Dates and venue
- First night: 1 February 1968;
- Second night: 2 February 1968;
- Final night: 3 February 1968;
- Venue: Sanremo Casino Sanremo, Italy

Organisation
- Organiser: Società ATA

Production
- Broadcaster: Radiotelevisione italiana (RAI)
- Director: Enrico Moscatelli
- Artistic director: Gianni Ravera
- Presenters: Pippo Baudo and Luisa Rivelli

Vote
- Number of entries: 24
- Winner: "Canzone per te" Sergio Endrigo and Roberto Carlos

= Sanremo Music Festival 1968 =

Italian song contest (18th edition)

The Sanremo Music Festival 1968 (Festival di Sanremo 1968), officially the 18th Italian Song Festival (18º Festival della canzone italiana), was the 18th annual Sanremo Music Festival, held at the Sanremo Casino in Sanremo, Italy, between 1 and 3 February 1968. It was organised by Società ATA, concessionary of the Sanremo Casino and was broadcast by Radiotelevisione italiana (RAI). The shows were presented by Pippo Baudo and Luisa Rivelli. Gianni Ravera served as artistic director.

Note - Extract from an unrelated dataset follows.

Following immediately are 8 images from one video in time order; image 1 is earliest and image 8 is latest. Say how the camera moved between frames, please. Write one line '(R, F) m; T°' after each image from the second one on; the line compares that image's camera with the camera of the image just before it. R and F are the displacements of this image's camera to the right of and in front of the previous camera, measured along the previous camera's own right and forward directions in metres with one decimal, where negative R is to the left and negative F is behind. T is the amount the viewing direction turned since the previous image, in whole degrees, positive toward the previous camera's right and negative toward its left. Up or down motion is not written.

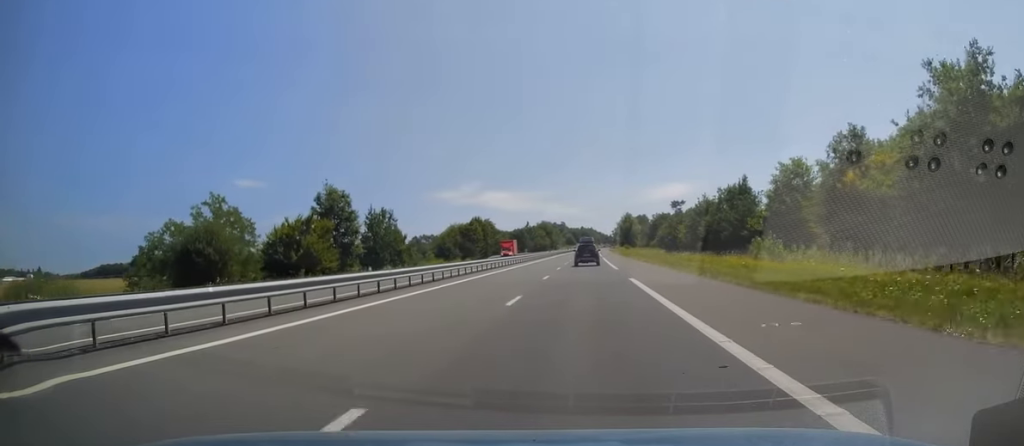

Each song was performed twice by both Italian and foreign artists. The winning song was "Canzone per te" written by Sergio Endrigo and Sergio Bardotti, performed by both Endrigo and Roberto Carlos. The festival was only used to select the artist that would represent Italy at the Eurovision Song Contest, following a change in the contest's song eligibility rules ahead of the 1967 edition, requiring songs to not be commercially released until a month before the contest took place. Therefore, Sergio Endrigo was chosen from the two artists to participate in the Eurovision Song Contest 1968, and went on to compete with the song "Marianne".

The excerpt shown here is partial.